I'm not one to usually wax thoughtfully, on these pages at least, about holidays or other broadly shared social events. But due to the unlikely alignment of completely unrelated circumstances, I'm spending much of my Turkey Day looking forward, rather than with the reflective, stock-taking posture families usually have as they "give thanks" this time of year.
It's not that I'm dismissive of the many blessings I've had since the last time I sat down to heaps of turkey and other traditional treats. It's just that future events, not the past, will be front of mind.
So I want to be thankful for the future. I suspect, given general conditions out there in farm country at the close of 2019, many of you might feel the same. We've certainly had our share of events this year that we'd probably just as soon forget.
Among the many things I'm thankful to look forward to is our upcoming DTN Ag Summit, which takes place Dec. 9-11 in Chicago. I always look forward to Summit, but this year in particular I'm excited about the program the many hands at DTN and our partners have put together.

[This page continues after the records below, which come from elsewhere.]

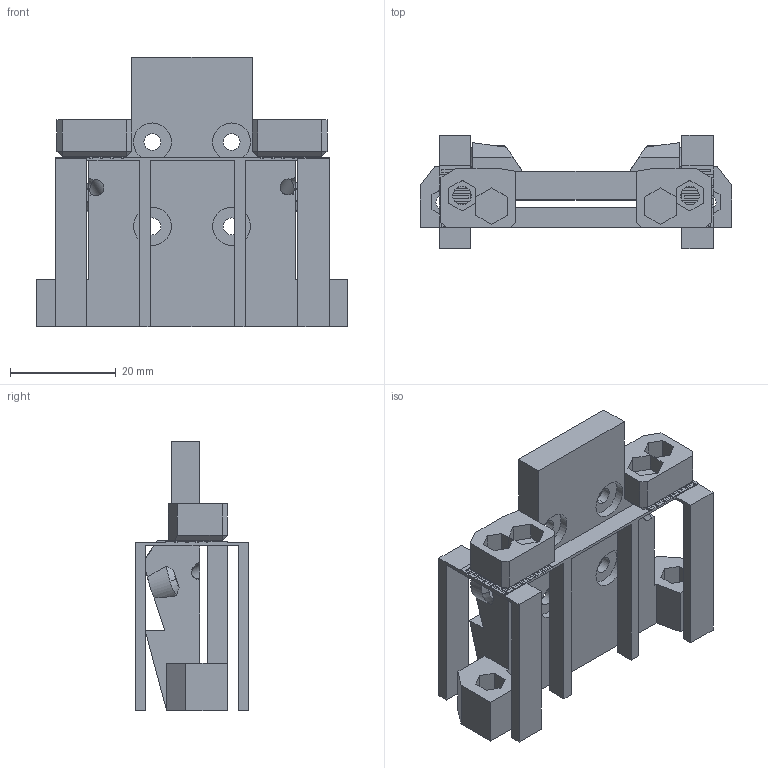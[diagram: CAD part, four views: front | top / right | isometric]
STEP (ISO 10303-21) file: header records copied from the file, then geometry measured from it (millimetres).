
FILE_DESCRIPTION(('FreeCAD Model'),'2;1');
FILE_NAME('Open CASCADE Shape Model','2024-05-23T12:12:27',(''),(''), 'Open CASCADE STEP processor 7.6','FreeCAD','Unknown');
FILE_SCHEMA(('AUTOMOTIVE_DESIGN { 1 0 10303 214 1 1 1 1 }'));
Length unit declared in the file: millimetre
Products named in the file (3): Front_Rail_Side; Rail_Side-Body; Support-Body
Assembly tree (2 placements, depth 2):
  Front_Rail_Side
    Rail_Side-Body
    Support-Body
Bounding box: 59.1 x 21.5 x 51.07 mm (x, y, z)
Volume: 13450.9 mm3; surface area: 11976.9 mm2
Topology: 2 solids, 2 shells, 374 faces, 1039 edges, 687 vertices
Faces by surface type: plane 344, cylinder 20, cone 7, bspline 3
Full cylindrical faces by diameter (mm): 2.9 x4, 3.2 x2, 3.5 x4, 7.2 x4
Entity records: 26983 total; most frequent: CARTESIAN_POINT 5964, DIRECTION 3862, LINE 2941, VECTOR 2941, ORIENTED_EDGE 2074, PCURVE 2074, DEFINITIONAL_REPRESENTATION 2074, EDGE_CURVE 1037
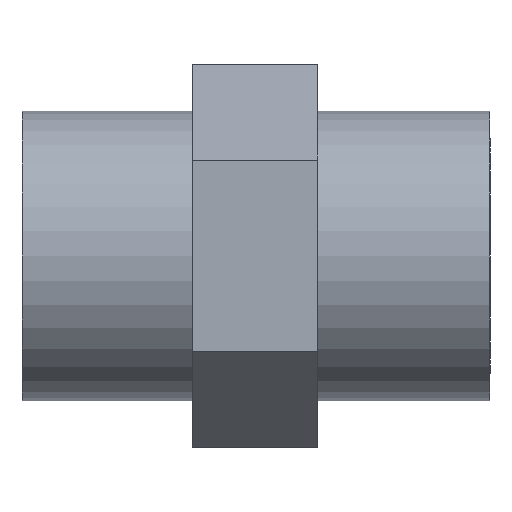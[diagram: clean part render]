
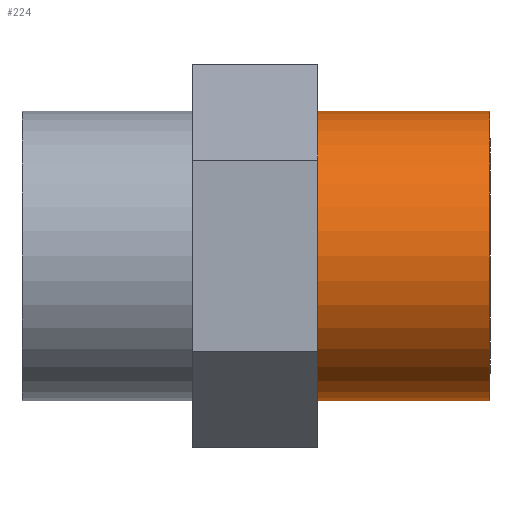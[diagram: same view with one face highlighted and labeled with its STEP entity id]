
A CAD part, front view. The second image highlights one B-rep face of the part: STEP entity #224.
In plain terms, the highlighted cylindrical face has radius 11.748 mm (diameter 23.495 mm), a partial arc.
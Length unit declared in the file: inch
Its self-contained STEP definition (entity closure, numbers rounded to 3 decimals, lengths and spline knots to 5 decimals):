
#2 = DIRECTION ( 'NONE',  ( -1., 0., 0. ) ) ;
#25 = ORIENTED_EDGE ( 'NONE', *, *, #139, .F. ) ;
#32 = EDGE_CURVE ( 'NONE', #213, #274, #74, .T. ) ;
#45 = ORIENTED_EDGE ( 'NONE', *, *, #32, .T. ) ;
#74 = LINE ( 'NONE', #137, #501 ) ;
#107 = CARTESIAN_POINT ( 'NONE',  ( 0.75, 0., 0.4625 ) ) ;
#108 = CARTESIAN_POINT ( 'NONE',  ( 0.75, 0., 0. ) ) ;
#117 = AXIS2_PLACEMENT_3D ( 'NONE', #206, #481, #242 ) ;
#137 = CARTESIAN_POINT ( 'NONE',  ( 0.75, 0., 0.4625 ) ) ;
#139 = EDGE_CURVE ( 'NONE', #151, #212, #415, .T. ) ;
#144 = DIRECTION ( 'NONE',  ( 0., 0., -1. ) ) ;
#151 = VERTEX_POINT ( 'NONE', #379 ) ;
#154 = CARTESIAN_POINT ( 'NONE',  ( 0.75, 0., 0. ) ) ;
#184 = DIRECTION ( 'NONE',  ( -1., 0., 0. ) ) ;
#199 = EDGE_CURVE ( 'NONE', #212, #274, #517, .T. ) ;
#206 = CARTESIAN_POINT ( 'NONE',  ( 0.2, 0., 0. ) ) ;
#207 = AXIS2_PLACEMENT_3D ( 'NONE', #154, #436, #477 ) ;
#211 = CIRCLE ( 'NONE', #282, 0.4625 ) ;
#212 = VERTEX_POINT ( 'NONE', #343 ) ;
#213 = VERTEX_POINT ( 'NONE', #107 ) ;
#224 = ADVANCED_FACE ( 'NONE', ( #356 ), #499, .T. ) ;
#242 = DIRECTION ( 'NONE',  ( 0., 0., -1. ) ) ;
#267 = CARTESIAN_POINT ( 'NONE',  ( 0.2, 0., 0.4625 ) ) ;
#274 = VERTEX_POINT ( 'NONE', #267 ) ;
#282 = AXIS2_PLACEMENT_3D ( 'NONE', #108, #426, #144 ) ;
#329 = EDGE_CURVE ( 'NONE', #213, #151, #211, .T. ) ;
#343 = CARTESIAN_POINT ( 'NONE',  ( 0.2, 0., -0.4625 ) ) ;
#356 = FACE_OUTER_BOUND ( 'NONE', #418, .T. ) ;
#379 = CARTESIAN_POINT ( 'NONE',  ( 0.75, 0., -0.4625 ) ) ;
#412 = ORIENTED_EDGE ( 'NONE', *, *, #199, .F. ) ;
#415 = LINE ( 'NONE', #511, #474 ) ;
#417 = ORIENTED_EDGE ( 'NONE', *, *, #329, .F. ) ;
#418 = EDGE_LOOP ( 'NONE', ( #25, #417, #45, #412 ) ) ;
#426 = DIRECTION ( 'NONE',  ( 1., 0., 0. ) ) ;
#436 = DIRECTION ( 'NONE',  ( -1., 0., 0. ) ) ;
#474 = VECTOR ( 'NONE', #184, 39.37008 ) ;
#477 = DIRECTION ( 'NONE',  ( 0., 0., 1. ) ) ;
#481 = DIRECTION ( 'NONE',  ( -1., 0., 0. ) ) ;
#499 = CYLINDRICAL_SURFACE ( 'NONE', #207, 0.4625 ) ;
#501 = VECTOR ( 'NONE', #2, 39.37008 ) ;
#511 = CARTESIAN_POINT ( 'NONE',  ( 0.75, 0., -0.4625 ) ) ;
#517 = CIRCLE ( 'NONE', #117, 0.4625 ) ;

That's probably because this year we're keenly focused on looking forward as well. Our theme, chosen way back before the planters were pulled out of the shed last spring, has been unusually prescient: "Winning Strategies to Overcome Obstacles." Oh, we've had obstacles.
Yet with that theme as our guideposts, we've pulled together one of the most forward-focused Summits ever. We'll hear from John Deere economist Luke Chandler, who will lay out the global economic outlook from that company's long reach and view.
We'll hear from "No Man's Land" author and business management guru Doug Tatum, who will focus on the things successful business owners do to bring in new enterprises or products while also tending to those existing pieces that are core to the business' survival.
You'll be challenged, by professional speaker and Minnesota farm-boy David Horsager, to think about how trust, in all areas of your business and personal life, can help move your business forward when others stumble.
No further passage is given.